33. イライサ「行かないで」
私たちは沢を渡り、そのまま岸に沿って流れを下った。
王子を支えるデレクの代わりにルシエットが灯りを持ち、私が藪をかき分けて道無き道を進んだ。何度も足を滑らせてまた転びそうになったけど、その度にルシエットに支えられ、ほとんど抱き合うような格好でなんとか歩き続けた。
「ダンスのお相手をしてるみたいですね。森の中だと私の方がリード役みたいです」
こんな時に軽口を言って微笑むルシエットの明るさが心強い。彼女の持つ灯火は心許ない足下だけでなく、今にも不安に呑み込まれてしまいそうな私の心の中まで照らしてくれているみたいだった。
川幅が徐々に広くなり、下る斜面が緩やかになってきた。所々に人が歩いたような小径の跡も見つかり、もうすぐ森を抜けられそうな希望が見えてきた時だった。
「王子!」
デレクの声に振り返ると、彼の腕の中に王子の体が力無く倒れ込んだところだった。
「王子様!!」
ゆっくりと地面に横たえられた体にルシエットがすがりつく。王子の目は開いたままだけど、意識は朦朧としているようだった。
「傷が開いて……出血が酷くなってます!もうこれ以上歩くのは無理です!」
「どこか隠れられる場所を探して、少し王子を休ませましょう。もう人里が近いはずです。私が先に行って誰か助けを呼んできます」
デレクは近くにあった大きな木の根の下の洞穴に王子を運んで寝かせると、「すぐに戻ります!」と言い残して暗闇の中に駆け出していった。
残された私たちは、震えが止まらない王子の体を少しでも温めようと両側から寄り添い、必死で呼びかけ続けた。
「もう大丈夫です王子様!すぐに助けが来ますから!」
「国境付近にはワシリウスの警備隊の拠点がいくつもあるはずです。彼らはすぐに動いてくれるはず……」
祈るような気持ちで励ます言葉を探す。王子の目は私もルシエットも見ていない。このまま目が閉じられてしまったら、もう二度と開くことはないのではないかと怖くて、同じようなことを何度も何度も語りかけた。
しかし一向に助けが来ないまま、隠れている洞穴の外ではとうとう空が薄っすら明るくなり始めた。王子の目は閉じられ、か細い呼吸だけが辛うじてまだ命があることを知らせてくれていた。私たちはただ身を寄せ合い、手を握り合って助けを待つことしかできない。
するとやがて、洞穴のすぐ近くの茂みがガサガサと揺れ、数人の人の話し声が聞こえてきた。
「おい、こっちにも足跡があるぞ!足を引きずってて血の痕もある。間違いない、ベルディアの連中だ!」
待ち望んだ救援ではなく敵兵たちの声だった。何人いるのだろう?すぐその辺りを探し回っている。夜明けも近い今、足跡を追われたらこの洞穴が見つかるのは時間の問題だ。私たち二人ではどうすることもできない。
絶望的な状況に青ざめながらルシエットを見ると、彼女は横たわった王子の体に木の葉を被せて隠そうとしていた。そんなものは焼け石に水だ。音を立てると見つかってしまう可能性が高い。

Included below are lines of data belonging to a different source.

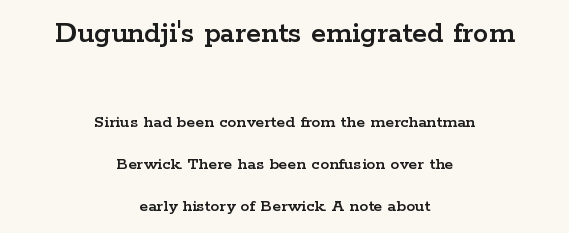
Q: Is the text italic (slanted)? A: No, it is upright.
Q: Is the typeface a serif or a sans-serif typeface? A: Serif.
Q: Is the text underlined? A: No.
Q: How is the paragraph aligned? A: Centered.
Q: Is the spacing between letters normal or unusually wide? A: Normal.
Q: Is the spacing between lines tight, normal or loose? A: Loose.
Q: Which block of text is set in a larger size, the first (top) or the second (bottom)? A: The first (top) one.
Q: Width (condensed, normal, or wide)? A: Wide.
Q: Stroke contrast? A: Low.
Q: x-height? A: Medium.
Q: Monospaced? A: No.

「ルシエット、無駄よ。もう息を殺して神に祈るしか……」
声を顰めて止めようとした私にニコッと微笑んで、ルシエットは囁いた。
「大丈夫です。あたしができるだけ遠くまであの人たちを引き付けて逃げますから、その間にイライサ様はここを離れて助けを呼んできてください」
「無理よ!逃げられるはずないわ!」
声を抑えながら必死で引き止めようとする。ルシエットを案じているのか、ここに取り残されるのが怖いのか、おそらく両方の不安と恐怖が私にのしかかる。でもルシエットの顔に迷いは無かった。

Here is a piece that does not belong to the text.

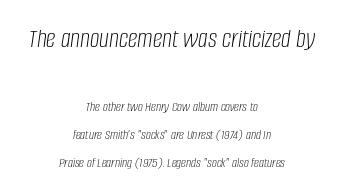
The image shows 27 px text type, italic (leaning right); set centered, loose line spacing (2.01x), normal letter spacing, not underlined; the first (top) block is 1.93x larger.
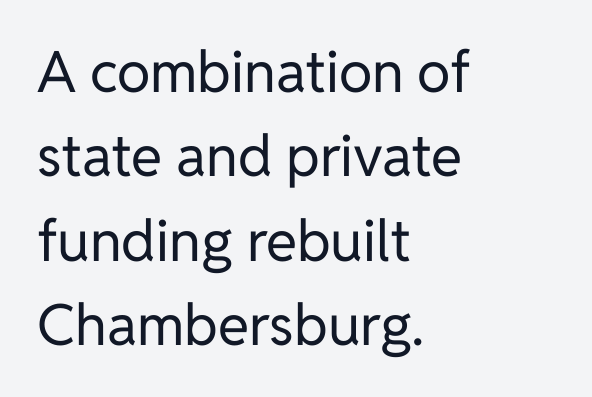
The image shows 57 px regular-weight sans-serif type, upright; set left-aligned, normal line spacing (1.48x), normal letter spacing, not underlined; low stroke contrast and a medium x-height.

どうしてだろう?これほど絶望的な状況の中で、どうしてそんなに強くいられるんだろう?私には無理だ。何もできない。できるはずがない。
無力感に支配された私の心の中を見透かすように、ルシエットは微笑んだまま私の目をじっと覗き込んだ。
「大丈夫。イライサ様はあたしなんかよりずっと強いお方です。これからもずっと王子様を守れるのはイライサ様だけなんです」
「お願いルシエット、行かないで……お願い!」
意識の無い王子の上にそっと顔を寄せて口づけると、その顔の上に最後の木の葉を被せて、ルシエットはこちらを振り返った。